(Stored data)
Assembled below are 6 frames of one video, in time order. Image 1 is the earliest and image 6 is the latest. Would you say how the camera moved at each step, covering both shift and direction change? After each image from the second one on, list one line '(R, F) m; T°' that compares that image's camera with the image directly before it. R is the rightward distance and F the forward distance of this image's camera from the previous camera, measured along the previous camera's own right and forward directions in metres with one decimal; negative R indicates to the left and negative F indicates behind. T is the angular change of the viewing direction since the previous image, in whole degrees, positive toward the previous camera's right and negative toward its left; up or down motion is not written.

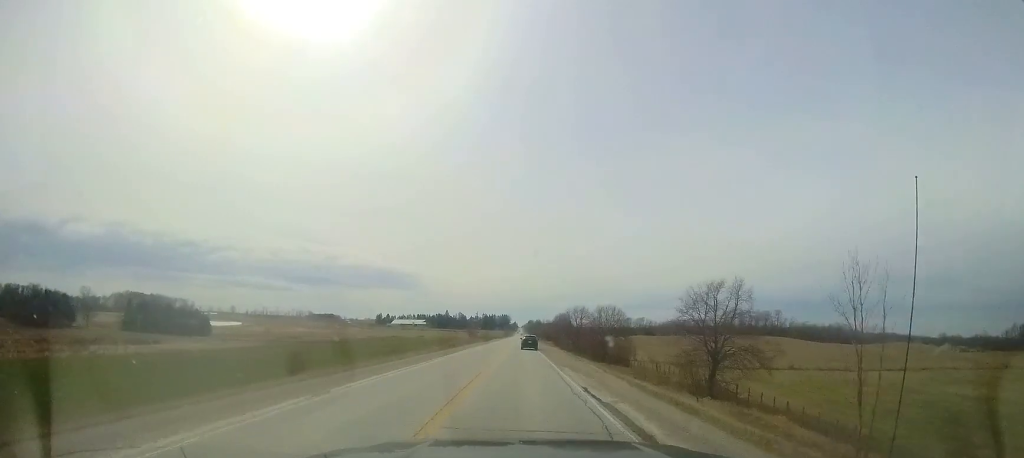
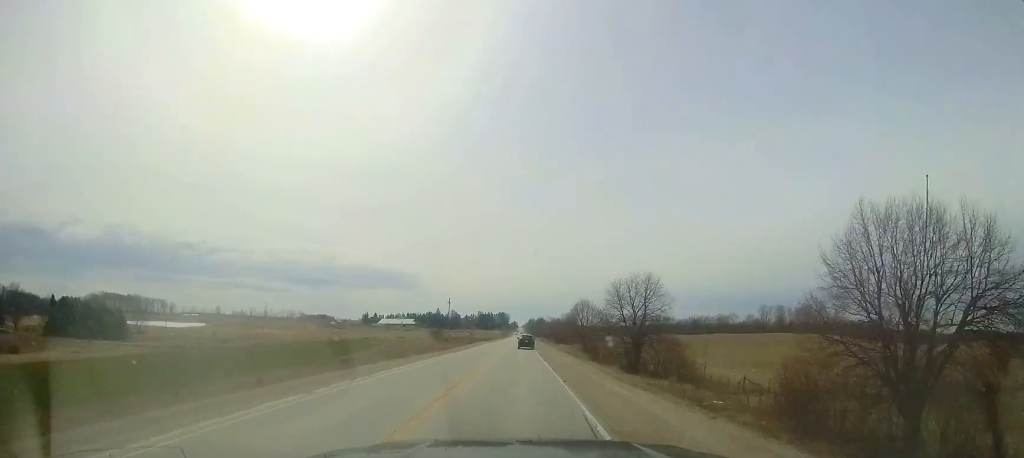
(+0.6, +46.8) m; -1°
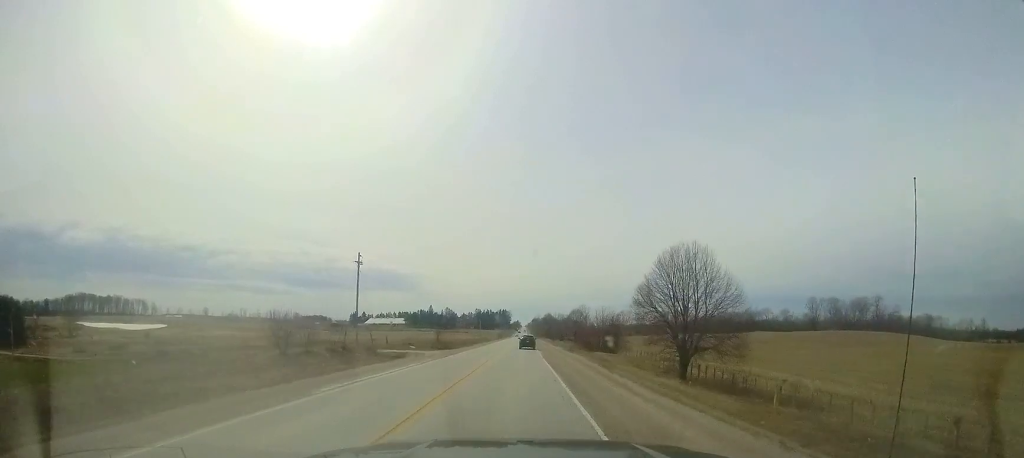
(-0.7, +45.6) m; -1°
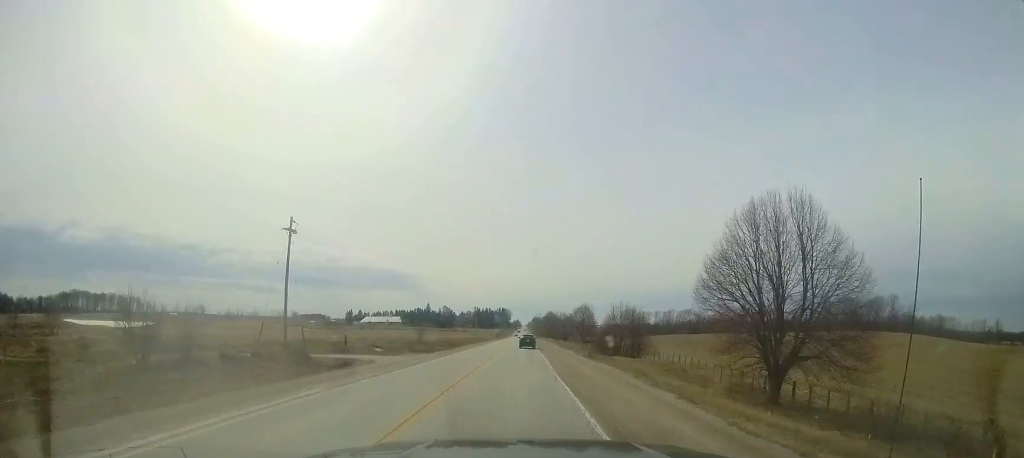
(0.0, +11.2) m; 0°
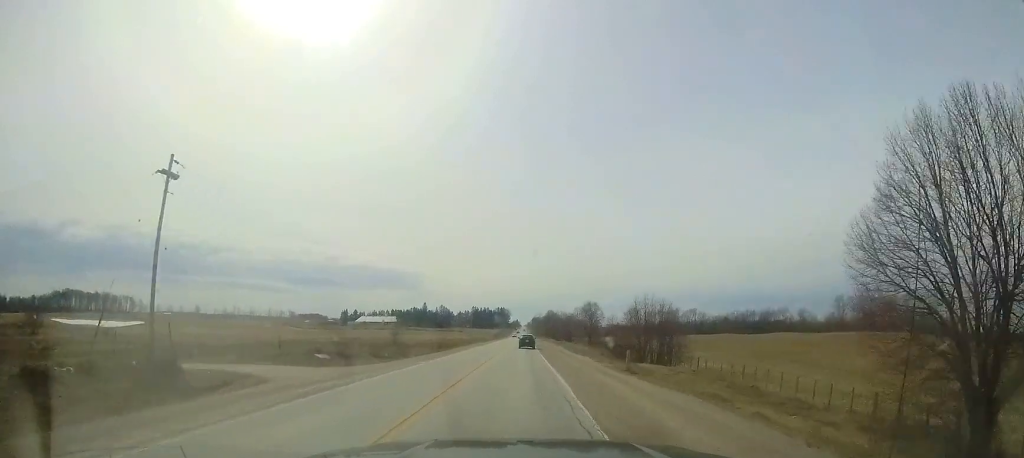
(0.0, +10.4) m; 0°
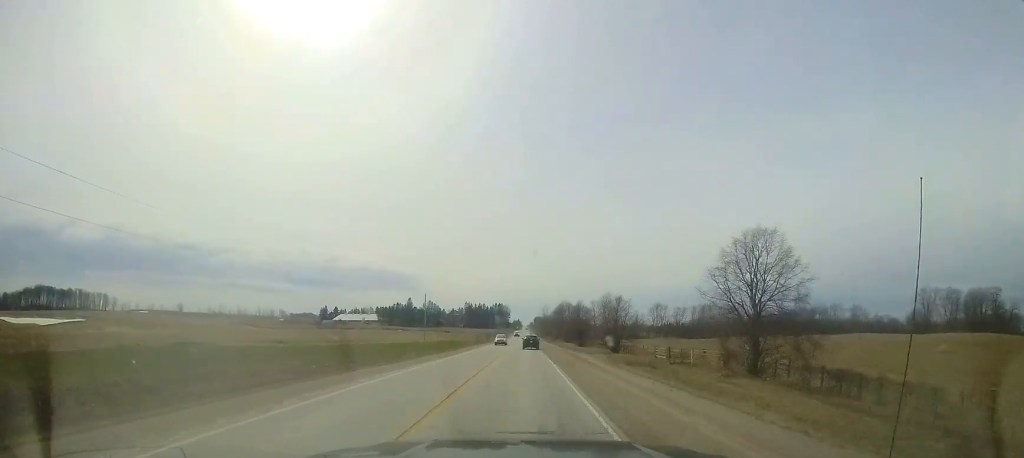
(+0.9, +50.5) m; +2°
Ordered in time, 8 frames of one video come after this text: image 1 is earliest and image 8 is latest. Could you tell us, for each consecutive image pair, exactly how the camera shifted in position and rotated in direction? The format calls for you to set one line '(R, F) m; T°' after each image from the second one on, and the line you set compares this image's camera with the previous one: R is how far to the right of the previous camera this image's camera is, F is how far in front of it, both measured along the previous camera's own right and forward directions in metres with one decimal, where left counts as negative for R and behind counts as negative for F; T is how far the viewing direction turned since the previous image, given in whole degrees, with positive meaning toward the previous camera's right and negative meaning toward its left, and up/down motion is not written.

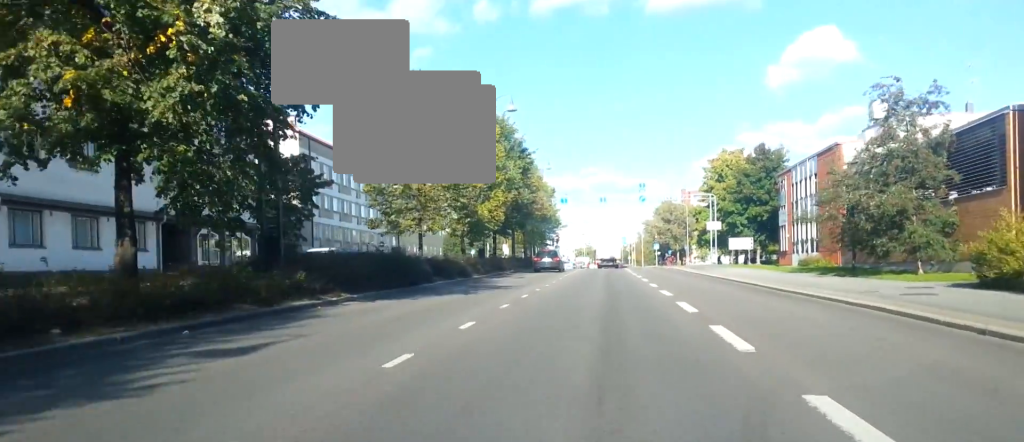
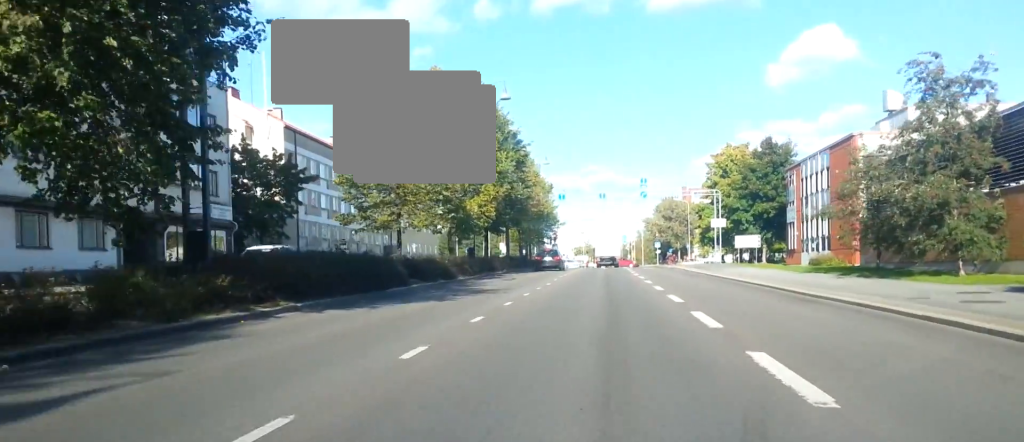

WHAT IS REQUIRED = Each of the entries above must be copied exactly, but the pictures stay out.

REPLY TO THE EXERCISE =
Assembled below are 6 frames of one video, in time order. Image 1 is the earliest and image 6 is the latest. Would you say how the camera moved at each step, covering both shift and direction change? After each image from the second one on, list one line '(R, F) m; T°' that compares that image's camera with the image directly before it. R is the rightward distance and F the forward distance of this image's camera from the previous camera, measured along the previous camera's own right and forward directions in metres with one decimal; negative R indicates to the left and negative F indicates behind. T is the angular change of the viewing direction since the previous image, in whole degrees, positive toward the previous camera's right and negative toward its left; up or down motion is not written.

(+0.6, +46.8) m; -1°
(-0.7, +45.6) m; -1°
(0.0, +11.2) m; 0°
(0.0, +10.4) m; 0°
(+0.9, +50.5) m; +2°
Ordered in time, 8 frames of one video come after this text: image 1 is earliest and image 8 is latest. Could you tell us, for each consecutive image pair, exactly how the camera shifted in position and rotated in direction? The format calls for you to set one line '(R, F) m; T°' after each image from the second one on, and the line you set compares this image's camera with the previous one: R is how far to the right of the previous camera this image's camera is, F is how far in front of it, both measured along the previous camera's own right and forward directions in metres with one decimal, where left counts as negative for R and behind counts as negative for F; T is how far the viewing direction turned since the previous image, given in whole degrees, with positive meaning toward the previous camera's right and negative meaning toward its left, and up/down motion is not written.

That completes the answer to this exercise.